See what he said, “I am reliably informed that there was a total national grid collapse at precisely 12:23 pm today. This is one collapse too many. It is the 6th time this is happening in this year alone. Due to the priority that I place on the power sector upon which the successes of other sectors are hinged, I am proposing infrastructure that will involve the facilitation of a review of financial, legal, and regulatory environment to promote private investment in power among the sectors.

”I’ll promote the identification, with tax breaks, a consortium of private sector institutions to establish an infrastructure debt fund (IDF) to primarily mobilize domestic and international private resources for the financing and delivery of large infrastructure projects across all sectors of the economy.

“The IDF will have an initial investment capacity of approximately $20 billion. In addition, I’ll cause the creation of an infrastructure development credit guarantee agency to complement the operation of the IDF by de-risking investments in infrastructure to build investor confidence in taking risks and investing capital”. 

I commend Mr. Abubakar for coming up with a solution; we need just that as the campaign season picks up. This proposal is not novel; Nigeria has tried it in many forms and it has one big problem: “credit guarantee” does not scale. 

In a 2018 presentation in Washington DC, at Ronald Reagan International Trade Center (see link here),  I made a case that credit guarantees cannot help Africa. My thesis was based on this: if you want someone to invest $1 million and guarantee $1m, when that person finishes investing that $1m, he will expect you to guarantee more funds, to unlock new investments.  If you do not have more capacity to guarantee more, scaling that project will stall. That is what has happened in most parts of Africa: credit guarantees work but are also limited once the guarantor cannot expand them.

What was my proposal in Washington DC? Go back to the root cause why a guarantee was even necessary? If you remove those impediments, investors will come and if they find opportunities, they can scale that mission, not just in the small pilots for guarantees, but for every part of the nation.

My suggestion to the nation is simple: credit guarantee is not scalable since it is bounded. However, we need to address the reasons why people see opportunities in the energy sector and yet refuse to invest. Interestingly, we know the #1 reason: a court now determines how much producers of power can charge their customers, irrespective if that will bankrupt the sector.

Sure, price ceilings are necessary for products produced by utilities but what is happening in Nigeria goes beyond managing oligopolies in municipalities.
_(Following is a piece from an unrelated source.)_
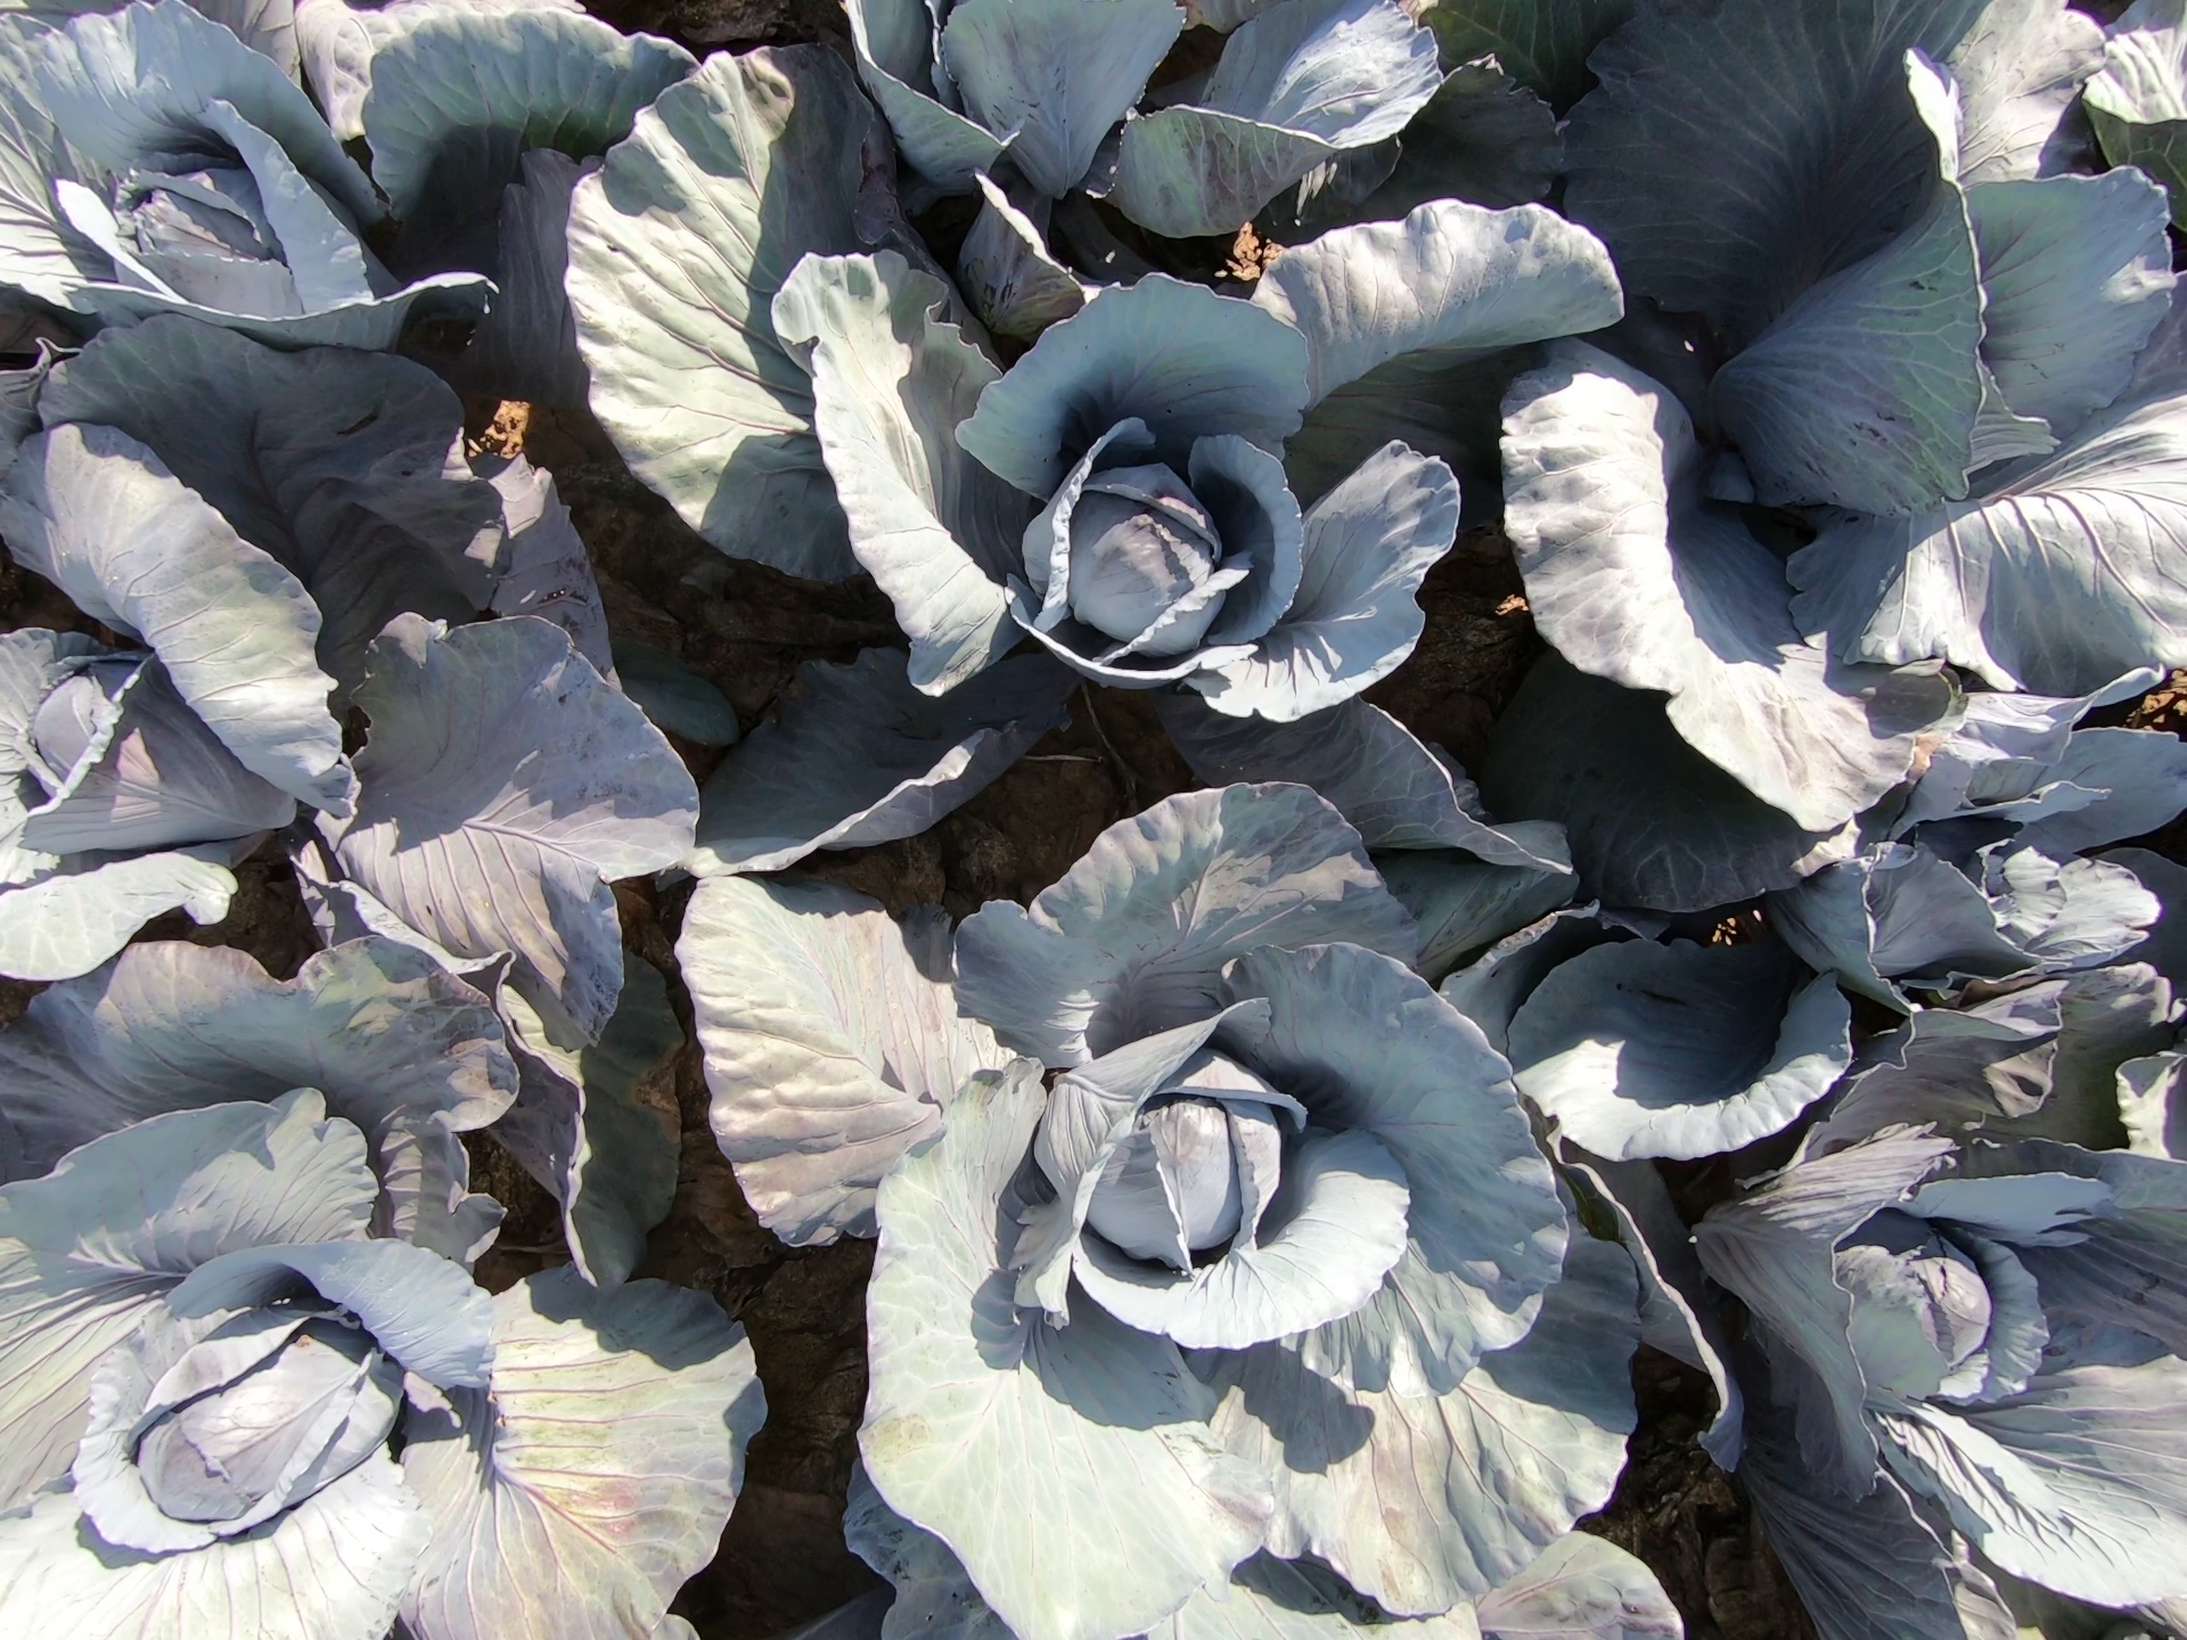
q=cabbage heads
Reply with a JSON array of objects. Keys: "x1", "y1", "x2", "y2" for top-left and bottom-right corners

What we have is simple: many Nigerians believe that power has to be free and the court has blessed that thinking, making it hard to price energy reflectively.  The result is evident: many players in the energy sector are collapsing.

Yes, someone has to fight for investors so that investing in Nigeria’s energy sector does not translate to burying cash. We need to tell the court that while it can fix the prices customers pay for DStv and Zee World, when it comes to electricity, we need to modulate.

How do you reconcile a scenario where investors see HUGE opportunities in Nigeria’s electricity sector and yet few want to invest in the sector? Focusing on credit guarantees will not help. In my opinion, we need to focus on removing the bottlenecks and whatever makes it necessary to even guarantee people to come and make money!

Comment on LinkedIn Feed

Comment: I think a bigger question is where are they going to get the funds to guarantee investments made through the IDF in the first place. After all, the country is practically broke. The only possibility I see to guarantee such funds is to borrow again, and we all know how that goes in Nigeria with corruption?

My response: a great point. That is like 50% of the nation’s budget depending on the exchange rate of choice.